I know firsthand, because at the age of 36, I was diagnosed with stage 2 breast cancer.
I could tell you about the tests, the agony of waiting for answers, the procedures and treatments… but for this I have something more personal.
January 29, 2018
I received the call from my surgeon: "You have cancer."
Even though I was expecting this diagnosis, I was still shocked. I don’t remember much of what he said, but I remember being told that I was going to be okay, that their plan was to get me well so I never missed any of Eliza’s life events. As you can imagine, that was very important to the mom of a 4 year old.
My husband held me, and with words of comfort, he soothed my frightened heart.
Now at this point, I would have settled into the couch with a blanket and a box of tissues and cried into the night…. BUT the Lord had other plans for me.
First, my Father and Mother-in-law arrived. They hugged me and told me they would be here for me. They would help me in any way. We wouldn’t be alone in this season. James, my father-in-law, shared with me Romans 8:28… and this verse has been my hope.
"And we know that all things work together for good to those who love God, to those who are called according to His purpose." Romans 8:28No matter how hard things were, I had to believe that God was working "even this" for my good…for His good and His glory.
A little while later, my two sisters-in-law, Mallory and Alia, showed up with pizza, chips, snacks and all of their families. We were having a party… there would be no more crying that night. It turns out, you can still laugh and have fun, even when you just got the worst news of your life.
One of the best pieces of advice I received came from my father-in-law…
He told me that when gold is put in the fire, the man doesn’t walk away and allow it to be burned up… he takes it out at just the right moment. That is what God is doing with me. He allowed me to be put in the fire, but He did not leave me. At just the right moment, He will pull me out of the fire.
I imagine this was harder for my parents because they live a few hours away. But they have made so many trips to Double Springs this year. Day trips. Sleepovers. My Mom has stayed with me weeks at a time when I was too sick and recovering from surgery. My Dad never complained about bringing her to me and having to be on his own all week.
My sisters, Stacey and Tina, have uplifted my spirits many days by just the normalcy of daily chats (and Snapchats).
How do you put into words that something so awful can bring so much good?
GRACE.
God has shown me so much grace this year. He has healed me from cancer. I’ve been able to work. I’ve been able to go to church. Honestly, I’ve never felt so loved in all my life.

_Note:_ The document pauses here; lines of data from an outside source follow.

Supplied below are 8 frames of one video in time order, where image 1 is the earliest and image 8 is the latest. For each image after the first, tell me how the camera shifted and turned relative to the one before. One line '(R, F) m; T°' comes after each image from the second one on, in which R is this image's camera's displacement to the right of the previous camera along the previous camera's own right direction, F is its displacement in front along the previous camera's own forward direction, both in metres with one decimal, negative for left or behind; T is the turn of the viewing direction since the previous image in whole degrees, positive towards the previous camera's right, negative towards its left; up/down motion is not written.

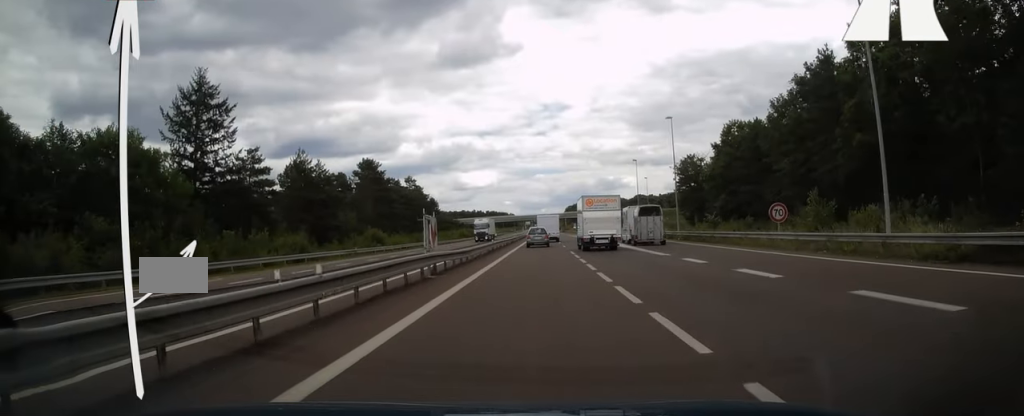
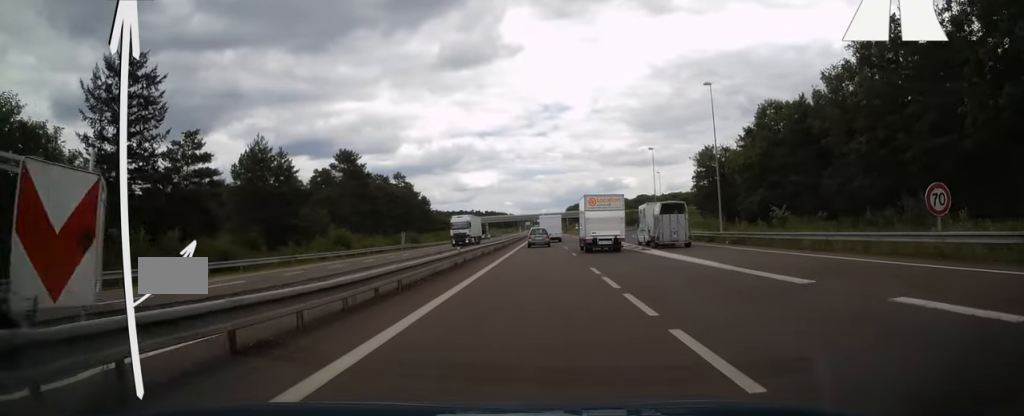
(0.0, +14.6) m; 0°
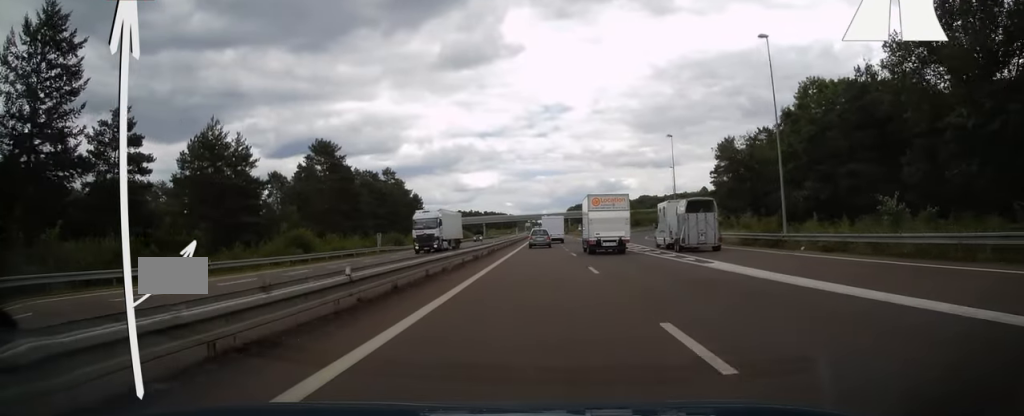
(0.0, +12.3) m; 0°
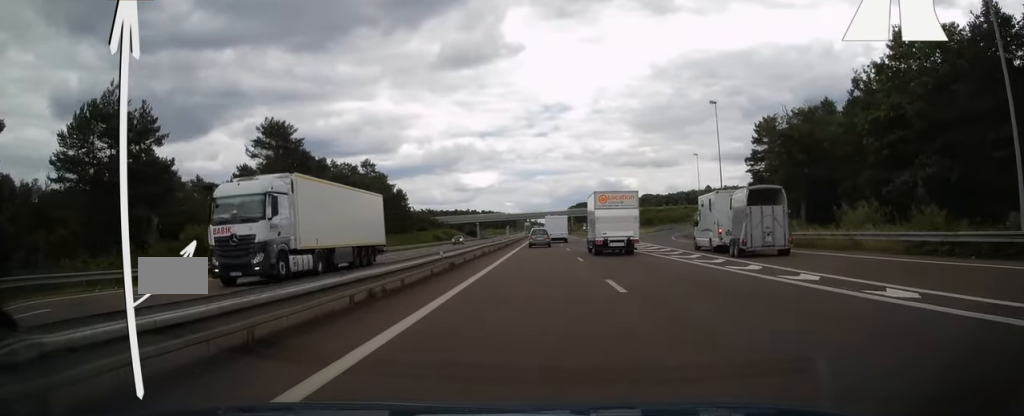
(0.0, +18.7) m; 0°
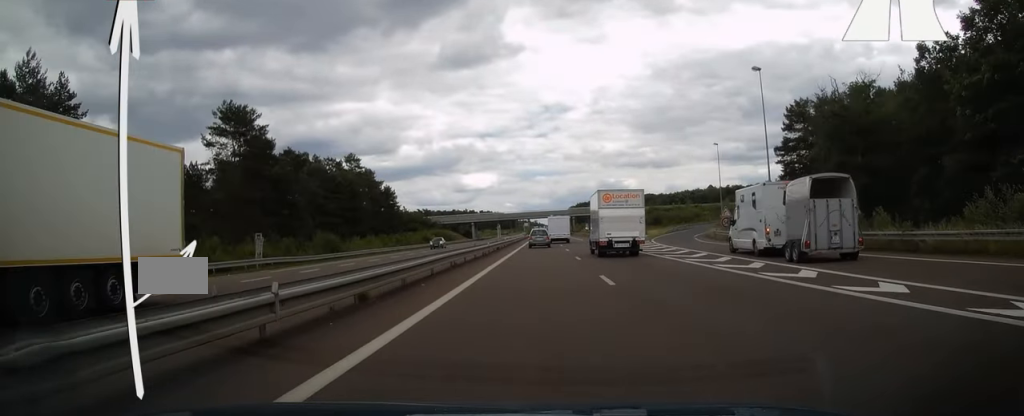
(0.0, +11.4) m; 0°
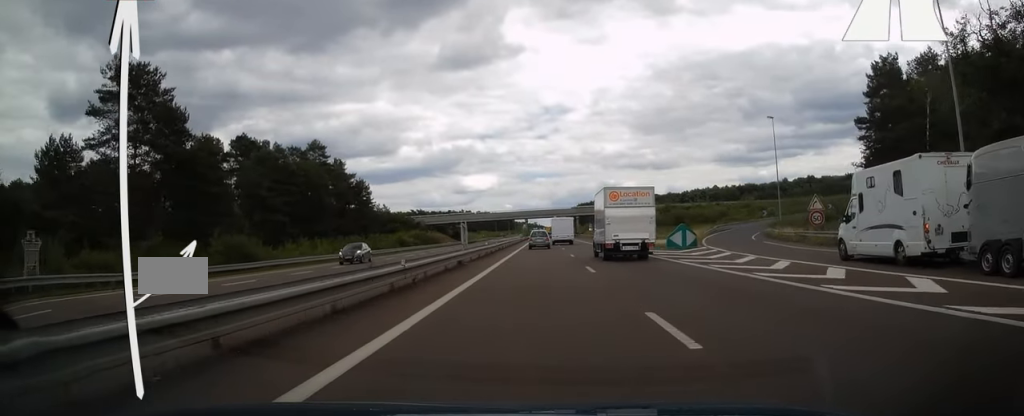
(+0.1, +20.9) m; 0°
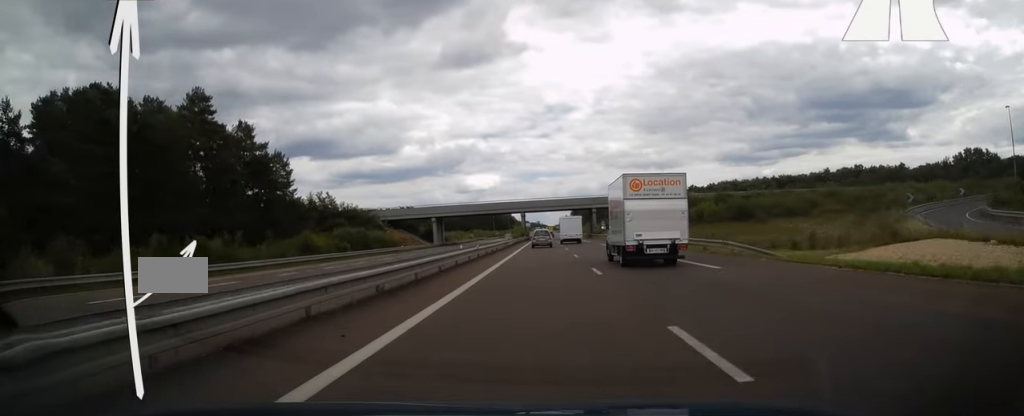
(-0.3, +40.5) m; 0°
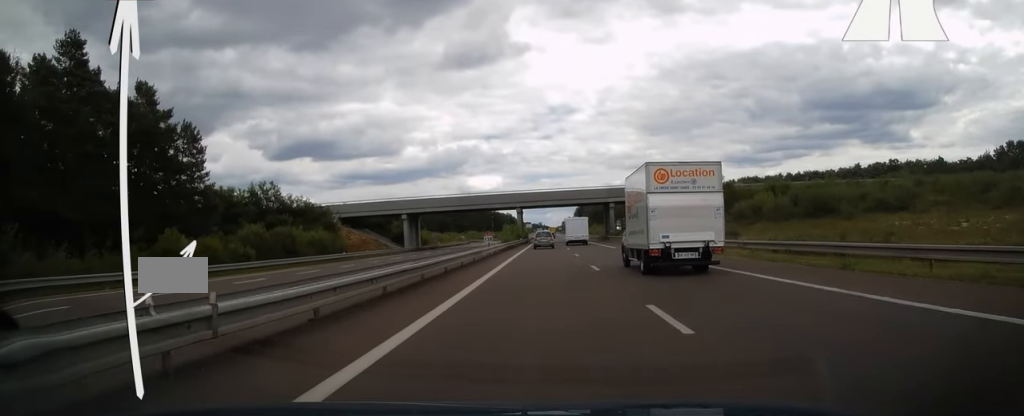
(+0.2, +23.6) m; 0°

I didn’t want Eliza to remember this as the year I was sick, so when I was able, we did things.
We made memories.
Blake took us camping for the first time (right in the middle of chemo treatments) and you know what? It was fun. We went to the movies. We went to Rock City and the Aquarium. We went to Disney on Ice. We walked in our town’s Paint the Town Pink for breast cancer awareness.

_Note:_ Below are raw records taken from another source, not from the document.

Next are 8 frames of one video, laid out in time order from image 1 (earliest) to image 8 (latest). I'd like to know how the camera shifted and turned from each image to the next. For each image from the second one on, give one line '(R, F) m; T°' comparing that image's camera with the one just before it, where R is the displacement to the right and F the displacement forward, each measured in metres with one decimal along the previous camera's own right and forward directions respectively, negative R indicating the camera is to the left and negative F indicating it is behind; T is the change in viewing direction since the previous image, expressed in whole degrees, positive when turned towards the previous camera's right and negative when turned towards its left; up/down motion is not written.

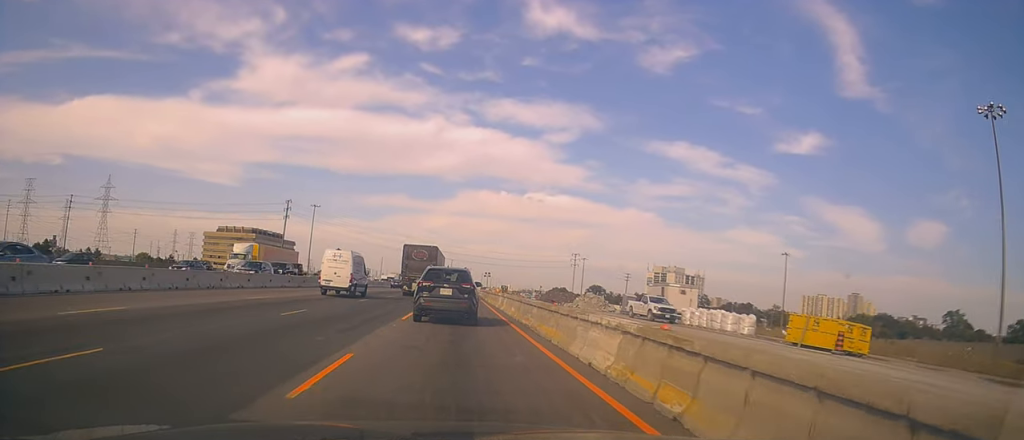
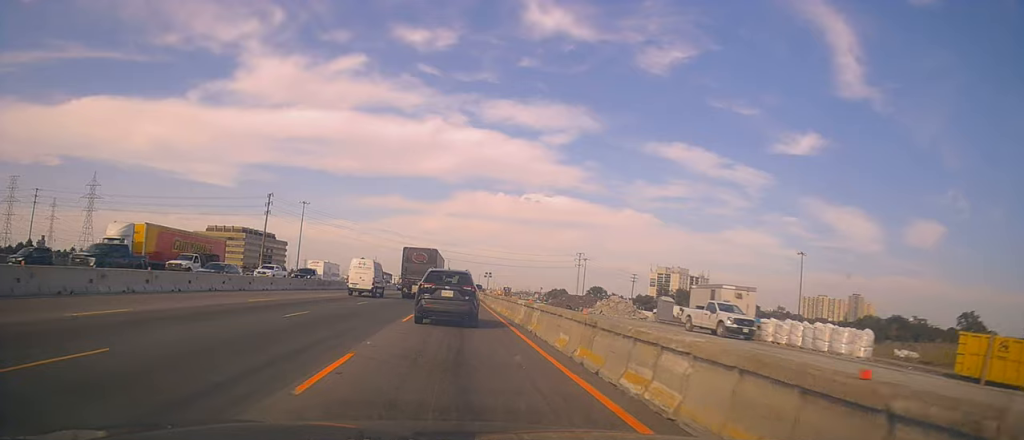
(+0.3, +12.1) m; +2°
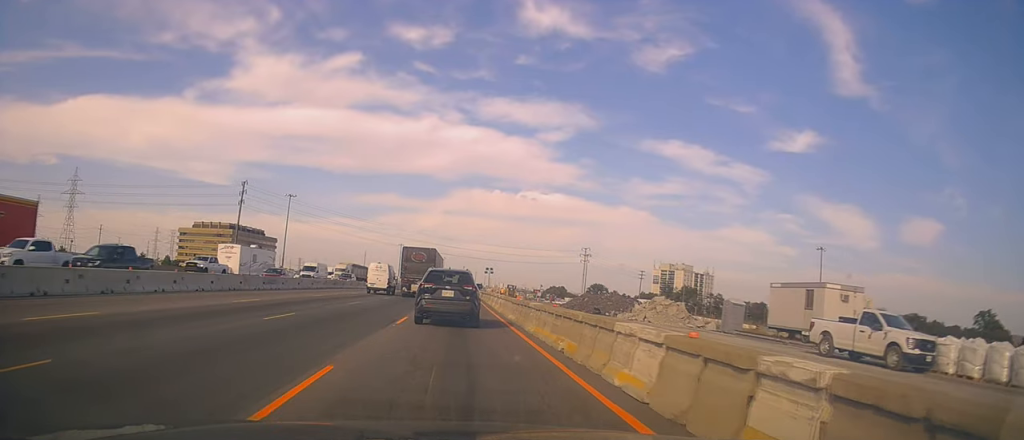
(+0.1, +13.5) m; -1°
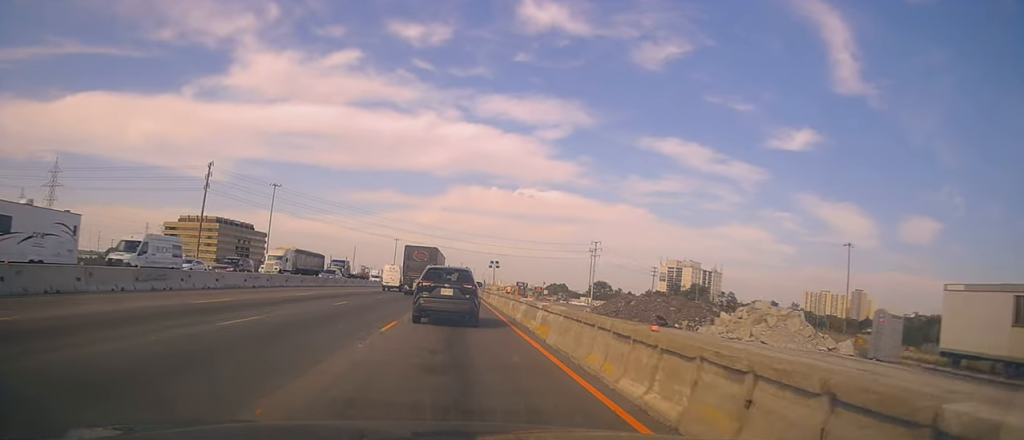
(-0.3, +15.4) m; +1°
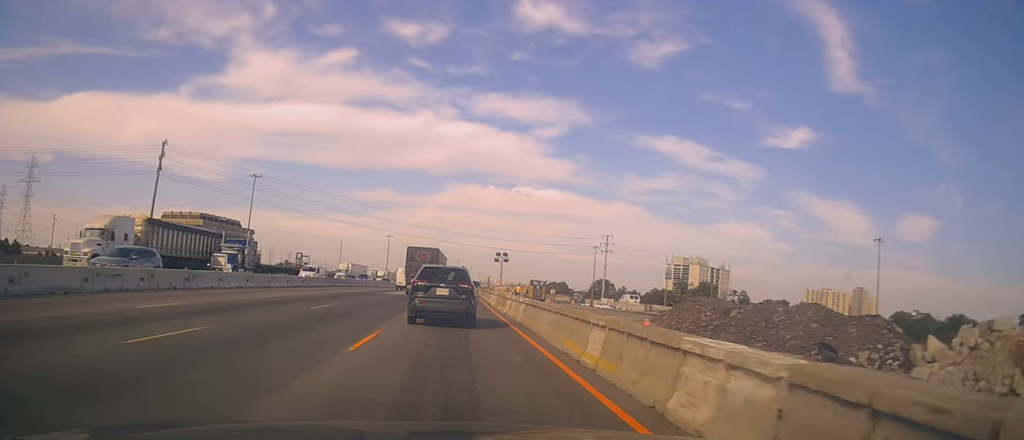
(+0.6, +15.6) m; +2°
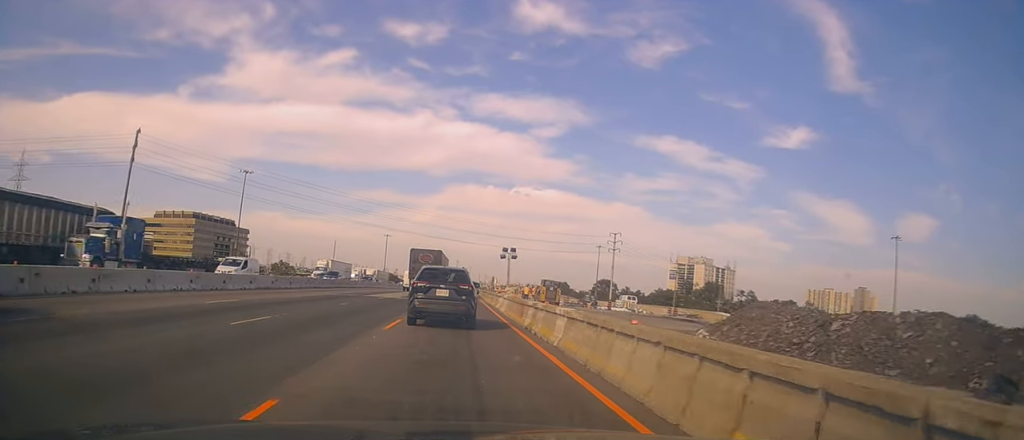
(-0.1, +7.7) m; 0°
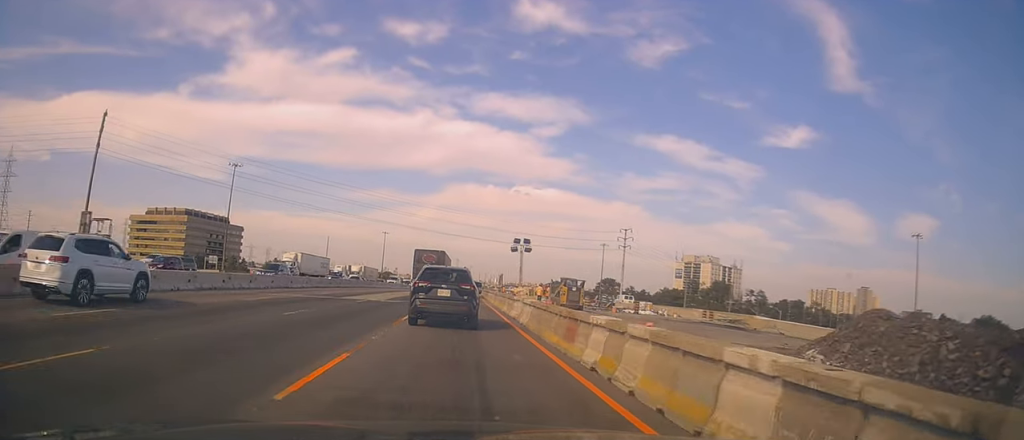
(0.0, +8.4) m; -1°
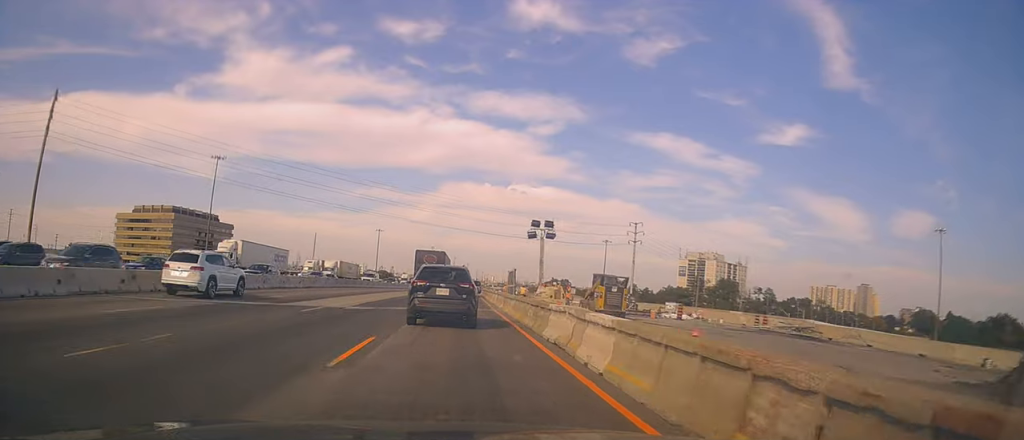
(0.0, +9.6) m; -1°

And let me brag on my husband just a tiny bit.
I am so thankful that I have had Blake to lean on. I can’t imagine anyone else that would care for me the way he has. I know it’s been a tough year for him too, but when it came to me, he was there. No matter what. I truly believe we are closer today than ever.
So when I look back at this past year, I don’t see the hard times. I don’t see myself sick on the couch or recovering from surgery. I don’t see the tears and exhaustion.
I see grace.
At the beginning of my journey, I resolved to try my best to glorify God in every step of my journey, and I hope to glorify Him in every day of my life.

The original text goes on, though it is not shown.